Берёзка, услышав такие распоряжения, окончательно проснулась. Кинувшись к Цветанке, она уцепилась за её рукав.
«Я с вами пойду! Мне одной страшно!» – дрожащим голоском пропищала она.
«А кто сказал, что ты одна? – Цветанка приобняла девочку одной рукой, а второй заправила прядку волос ей за ушко. – С тобой, вон, ребята будут. И Драгаш. Кто-то же должен на хозяйстве оставаться да за больными доглядывать! Ну, будь тут за старшую. Всё будет хорошо, ты у нас умница».
Цветанка оставила Берёзку дома ещё и потому, что не следовало той возвращаться в то место, где она вчера пережила такой страх. Нечего ей там было делать. Пусть и не выбрали её в жертвы, отпустили живой, но натерпеться Берёзка успела немало в ожидании ужасной смерти от клыков Марушиного пса. Девочка провожала их со слезами на глазах и до последнего упрашивала взять её с собой, но Цветанка знала: так будет лучше.
На берегу озера собралась толпа народа, несмотря на ранний час: нашлось немало желающих поглядеть, как Марушин пёс будет терзать жертв. Тут уместились, конечно, далеко не все горожане – только самые смелые и самые здоровые. В пронзительно-синем предрассветном сумраке слышался бабий надрывный вой:
«Ой, доченька моя, Лебёдушка! Ох, люди добрые, что ж это делается, что творится?! За что ей, невинной, никому зла не сделавшей, выпал этот жребий горький, проклятый? Да как же мне жить-то теперь? Люди добрые, неужели вы такое допустите? Неужели дадите этому злу свершиться?! Сделайте же что-нибудь, люди-и!»

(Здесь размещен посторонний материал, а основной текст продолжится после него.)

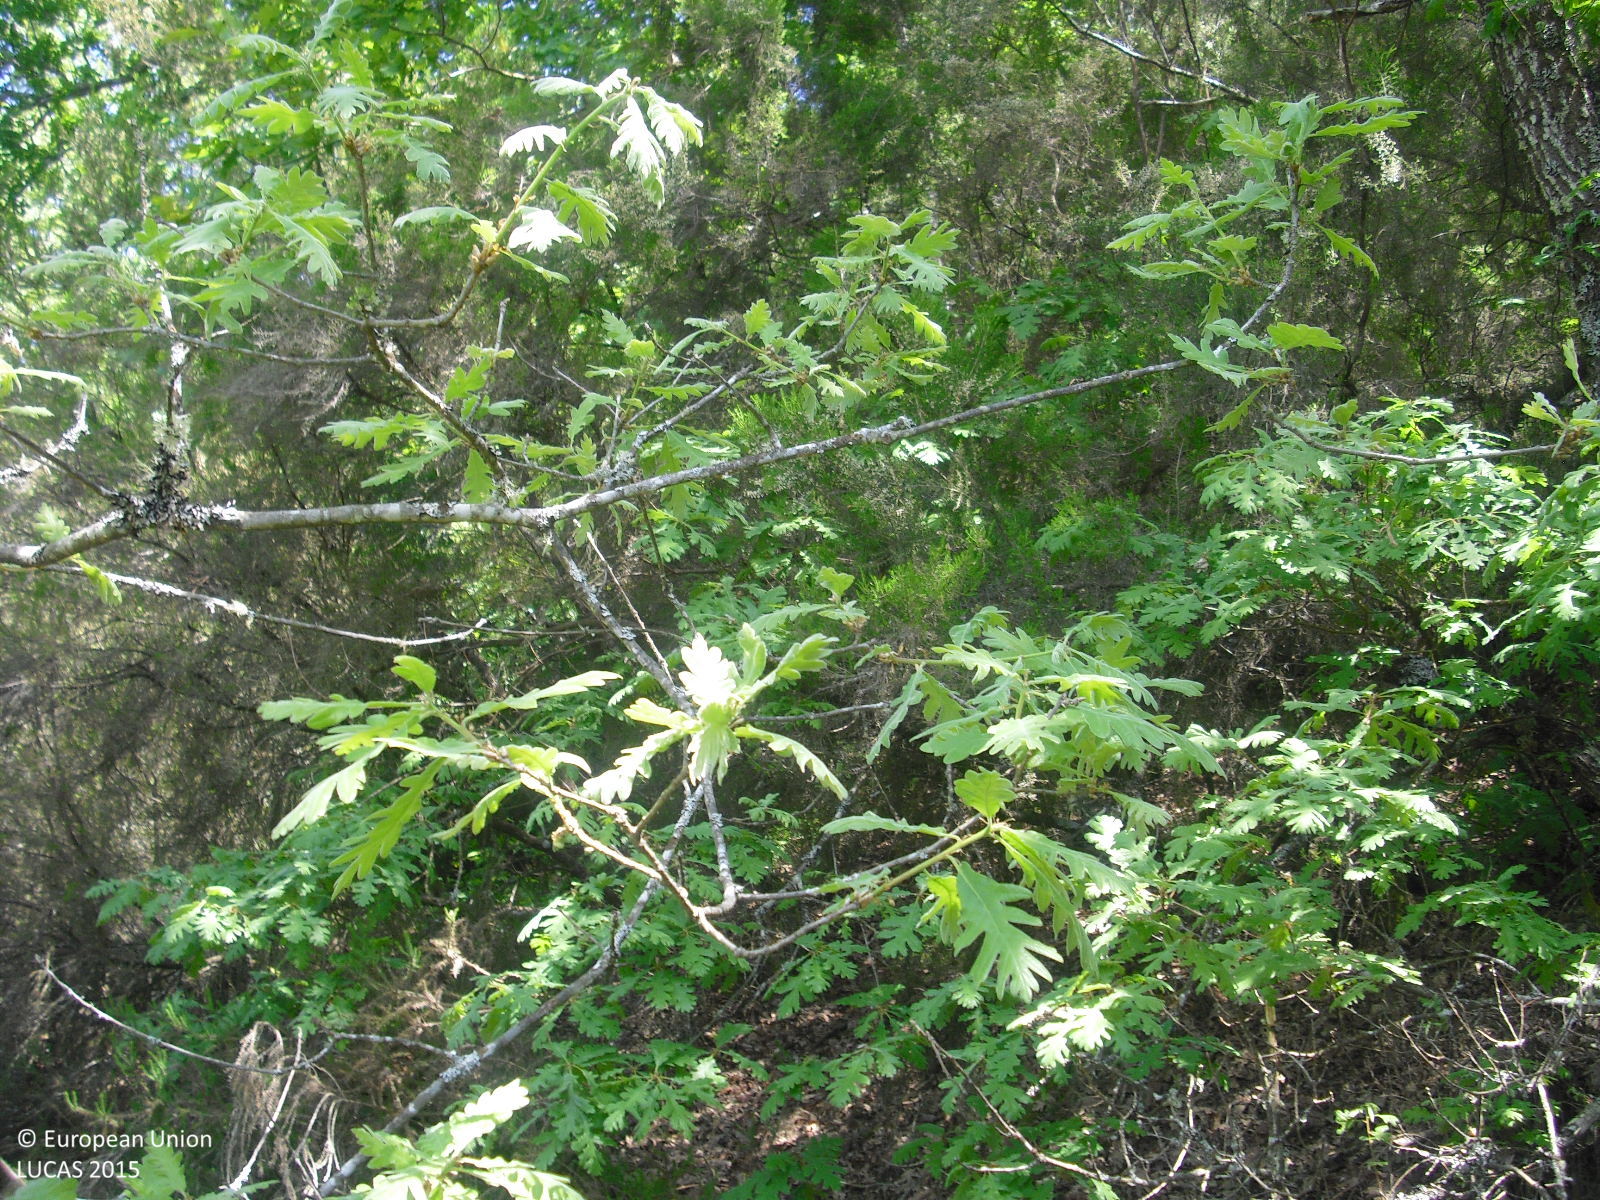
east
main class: Woodland
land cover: Broadleaved woodland
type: acidophilous oak and oak-birch forest
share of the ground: > 75 %
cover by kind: broadleaved forest trees 80 %, shrubs 20 %
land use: Semi-natural and natural areas not in use
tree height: > 5 m
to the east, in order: Broadleaved woodland; Ditches and canals; Broadleaved woodland; Dry stone walls; Broadleaved woodland; Dry stone walls; Broadleaved woodland; Dry stone walls; Broadleaved woodland; Rivers and streams; Dry stone walls; Broadleaved woodland; Dry stone walls; Rivers and streams; Broadleaved woodland
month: May
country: ES
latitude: 42.1318
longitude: -7.5965
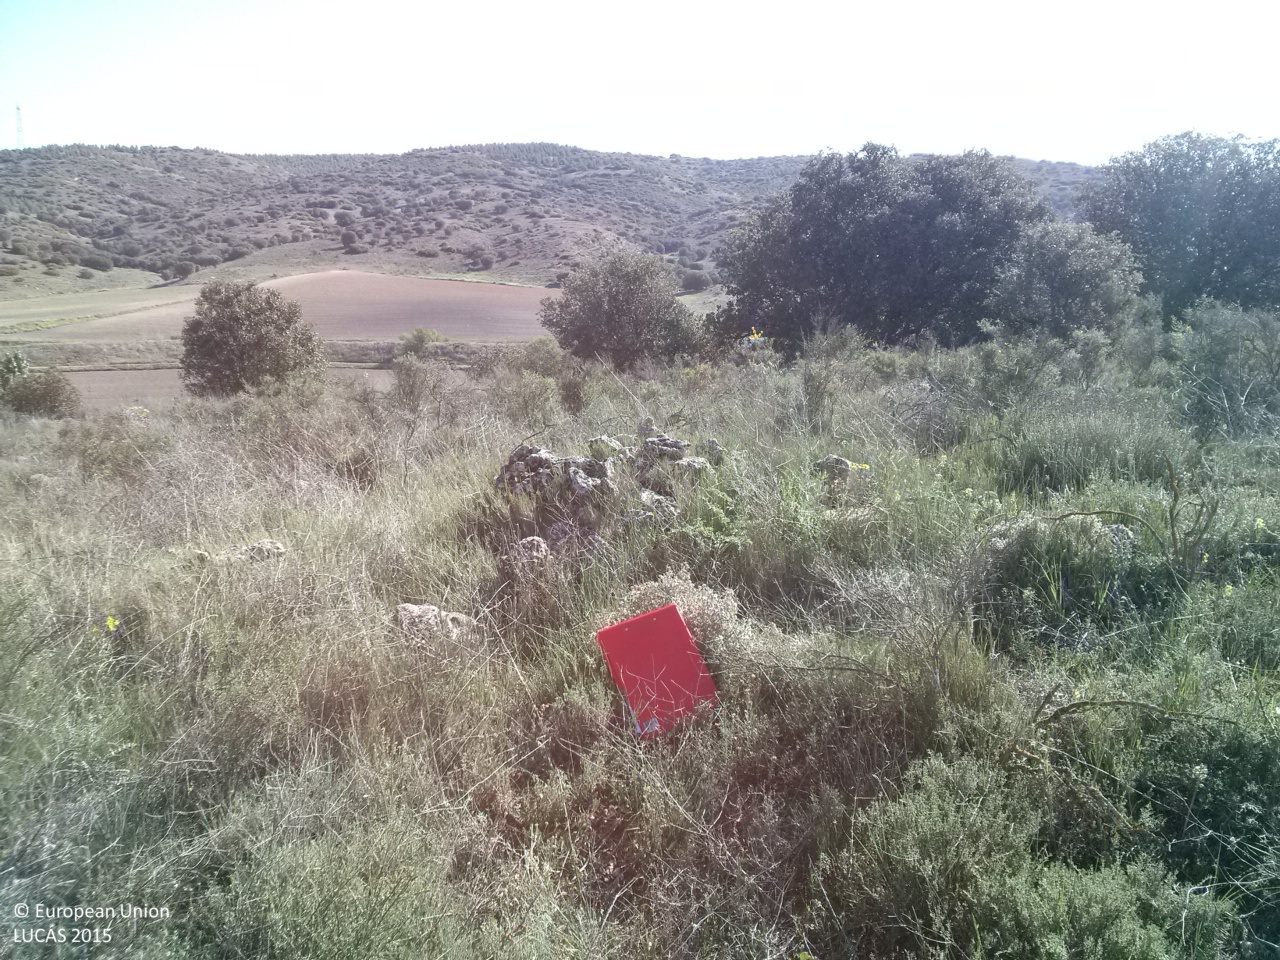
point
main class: Woodland
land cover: Broadleaved woodland
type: broadleaved evergreen forest
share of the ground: 10 - 25 %
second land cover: Shrubland without tree cover
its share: 50 - 75 %
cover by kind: shrubs 60 %, herbaceous plants 25 %, broadleaved forest trees 15 %
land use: Forestry
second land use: Agriculture (excluding fallow land and kitchen gardens)
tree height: < 5 m
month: May
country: ES
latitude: 39.8824
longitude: -2.8007
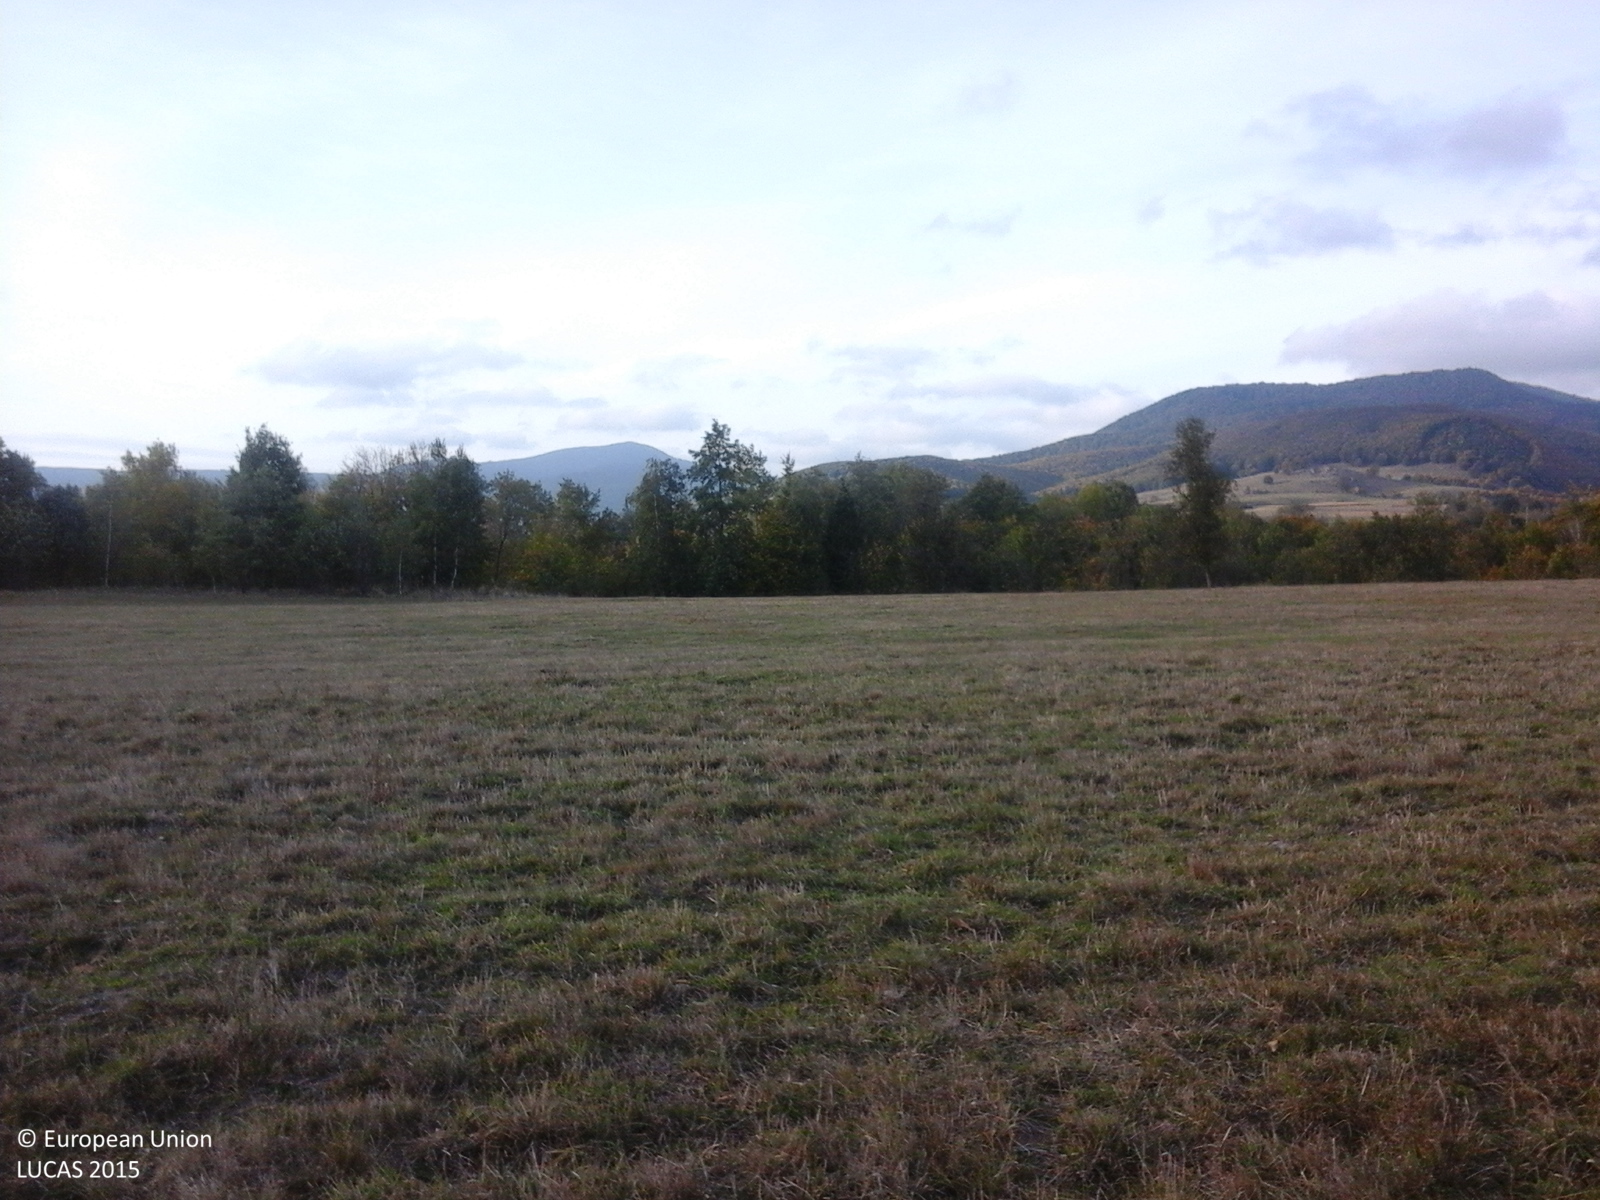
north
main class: Grassland
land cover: Grassland without tree/shrub cover
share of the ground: > 75 %
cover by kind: herbaceous plants 100 %
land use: Agriculture (excluding fallow land and kitchen gardens)
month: October
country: RO
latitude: 46.0906
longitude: 25.8808
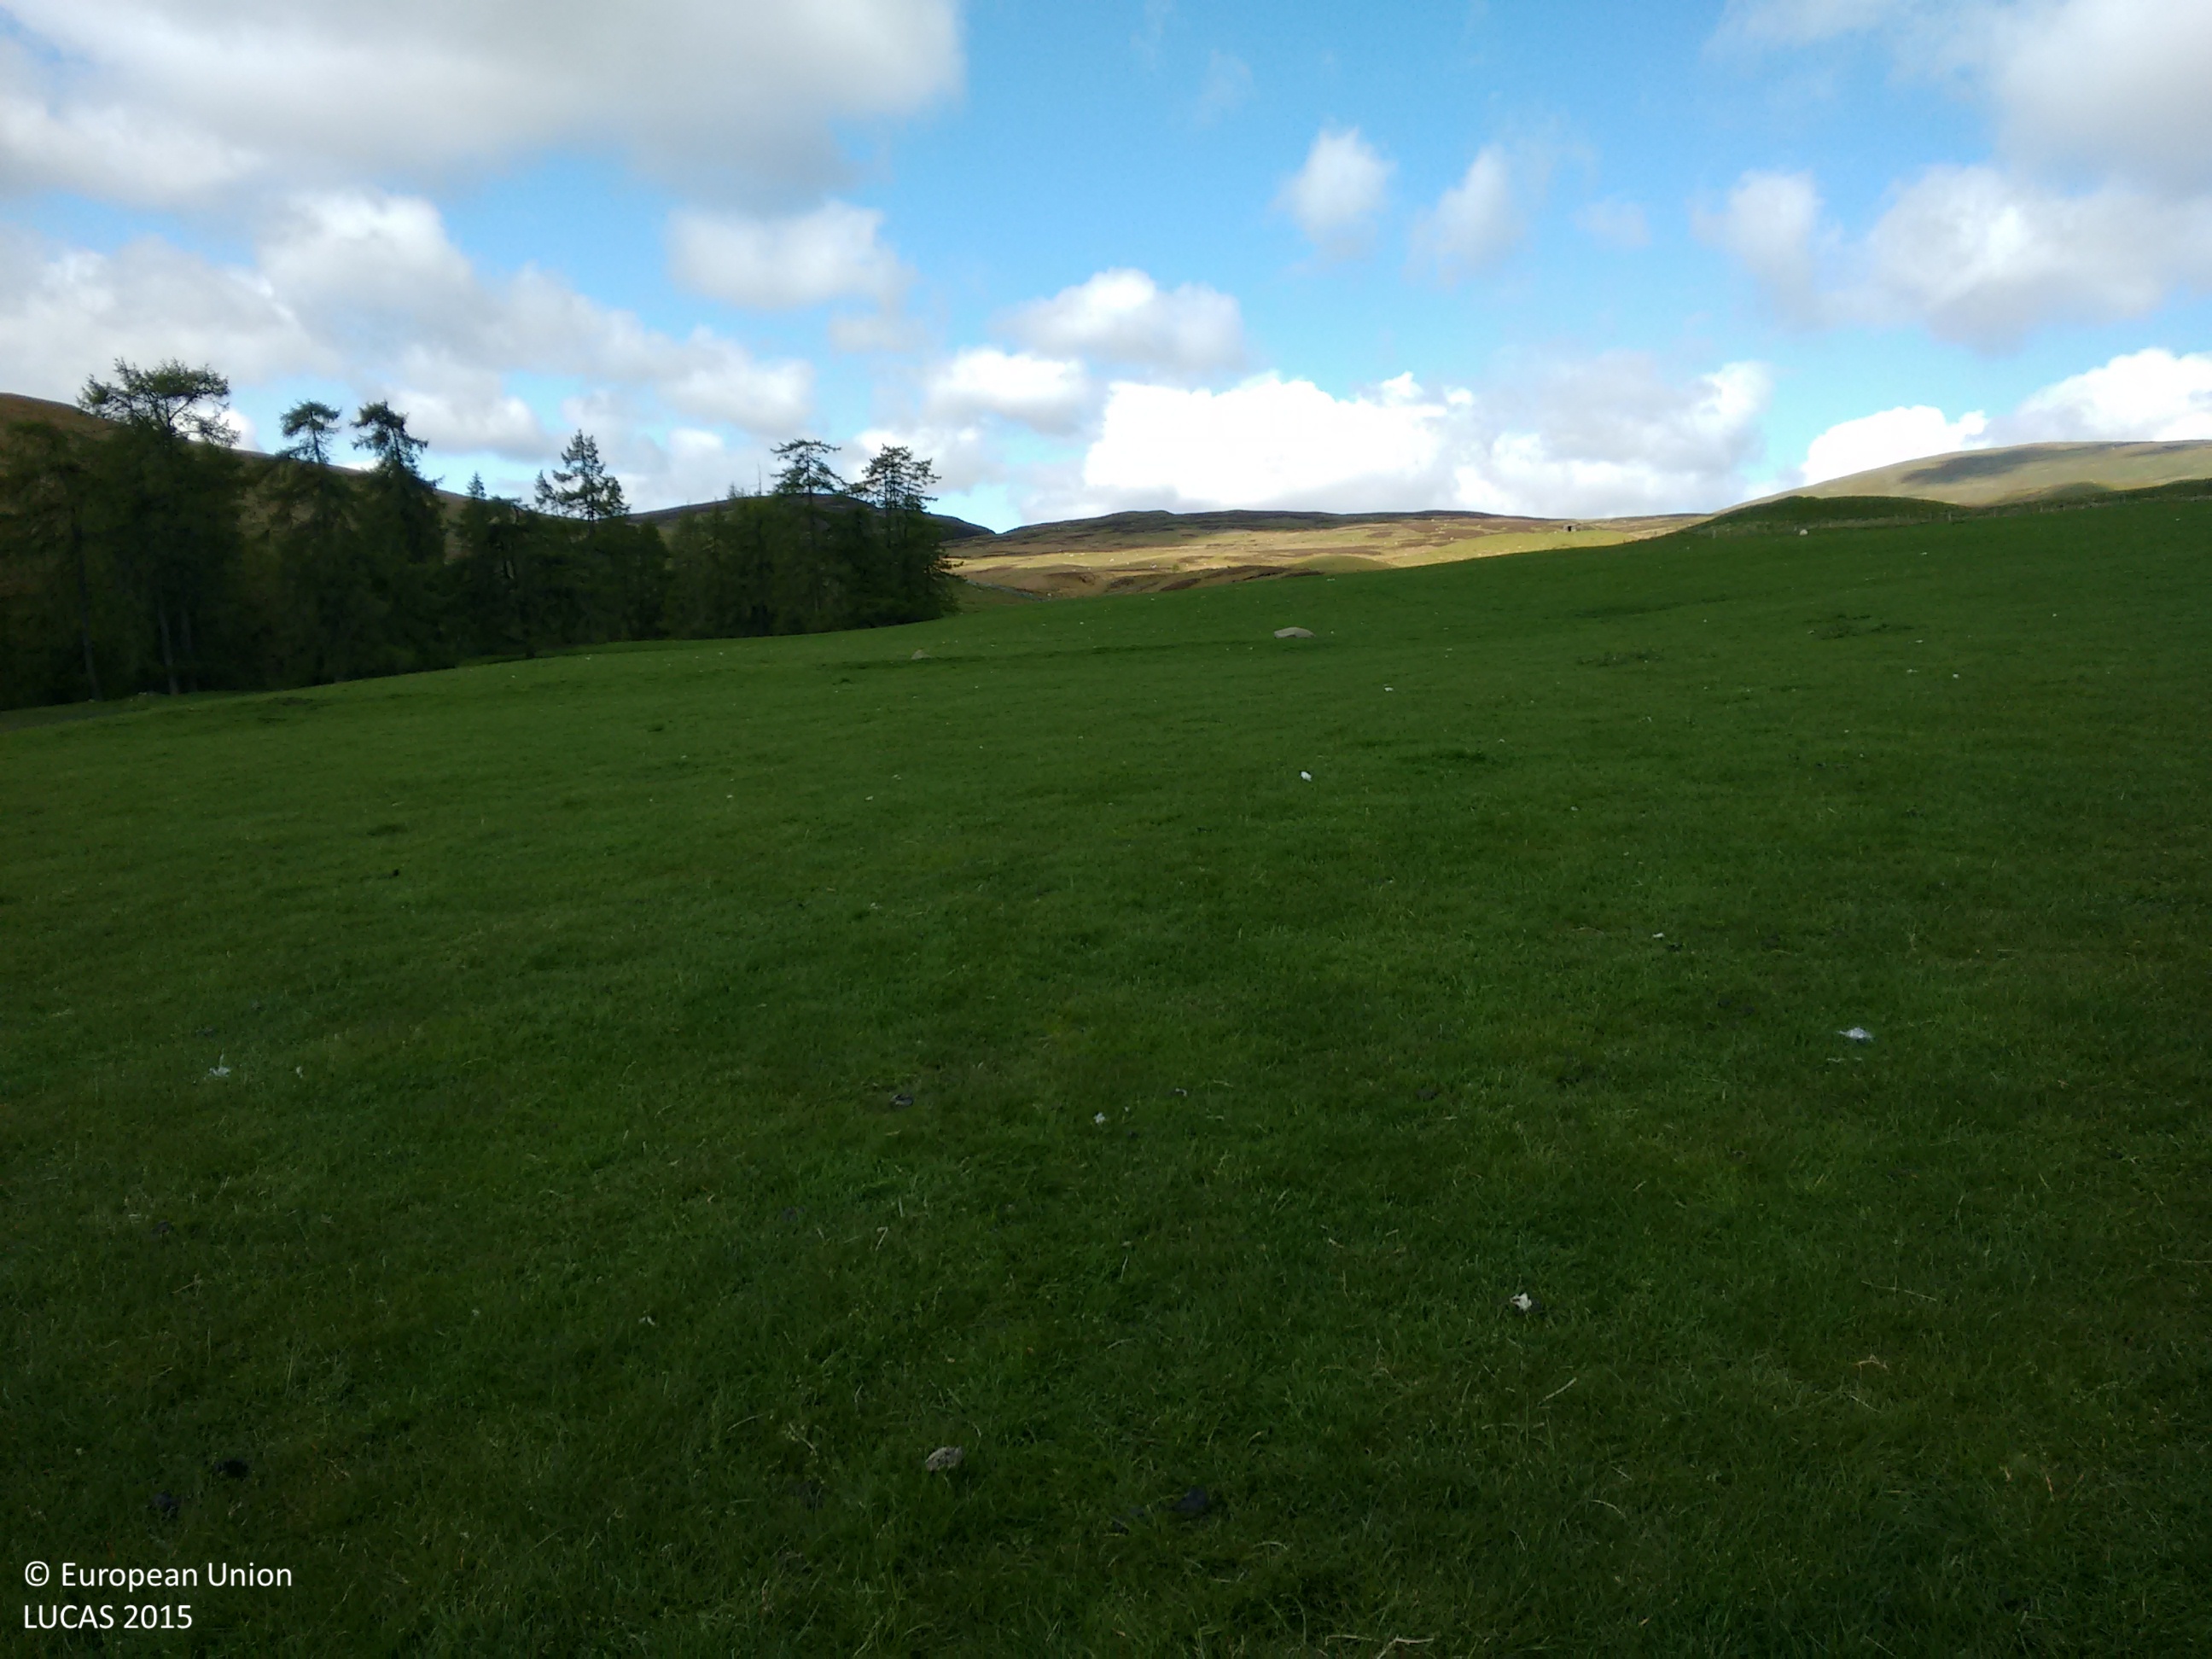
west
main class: Grassland
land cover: Grassland without tree/shrub cover
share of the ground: > 75 %
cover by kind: herbaceous plants 100 %
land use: Agriculture (excluding fallow land and kitchen gardens)
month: June
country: GB
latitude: 56.4226
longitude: -3.8134

В ответ ей пробасил мужской голос:
«Не вой, мать, дочери своей душу в её смертный час не надрывай. Ведь слышит она тебя! И без того тяжко ей, а тут ещё ты причитаешь…»
Как хотелось Цветанке успокоить безутешную мать! Увы, народ так тесно толпился перед капищем, что протолкнуться не представлялось никакой возможности. Увещевания мужчины не помогли, и к причитаниям матери Лебёдушки присоединились голоса ещё нескольких матерей.
Мосток и береговую линию охраняла конная дружина с мечами наголо, а немного в стороне от толпы расположился в седле своего вороного скакуна сам глава Гудка, Островид – в расшитом золотыми узорами плаще с меховой опушкой, высокой чёрной шапке и красных сапогах с загнутыми носами. Его украшенный драгоценными камнями накладной парадный воротник в высоту равнялся с висками. Рядом с ним, также не спешиваясь с коней, ждали начала жертвоприношения его приближённые. Среди них Цветанка с ожесточённым содроганием сердца узнала его сына Бажена. Живёхонек, боров этакий, и ничего ему не сделалось за время мора – даже жирка на боках не убавилось… В душу Цветанки полуночным татем закралась тоска по Нежане, которая глубоко в сердце навек осталась её невенчанной невестой: жива ли, здорова ли, не коснулось ли её мертвящее дыхание повальной хвори? Но только на мгновение посетила её эта мысль, а уже в следующий миг Цветанка устремила взгляд в сторону капища.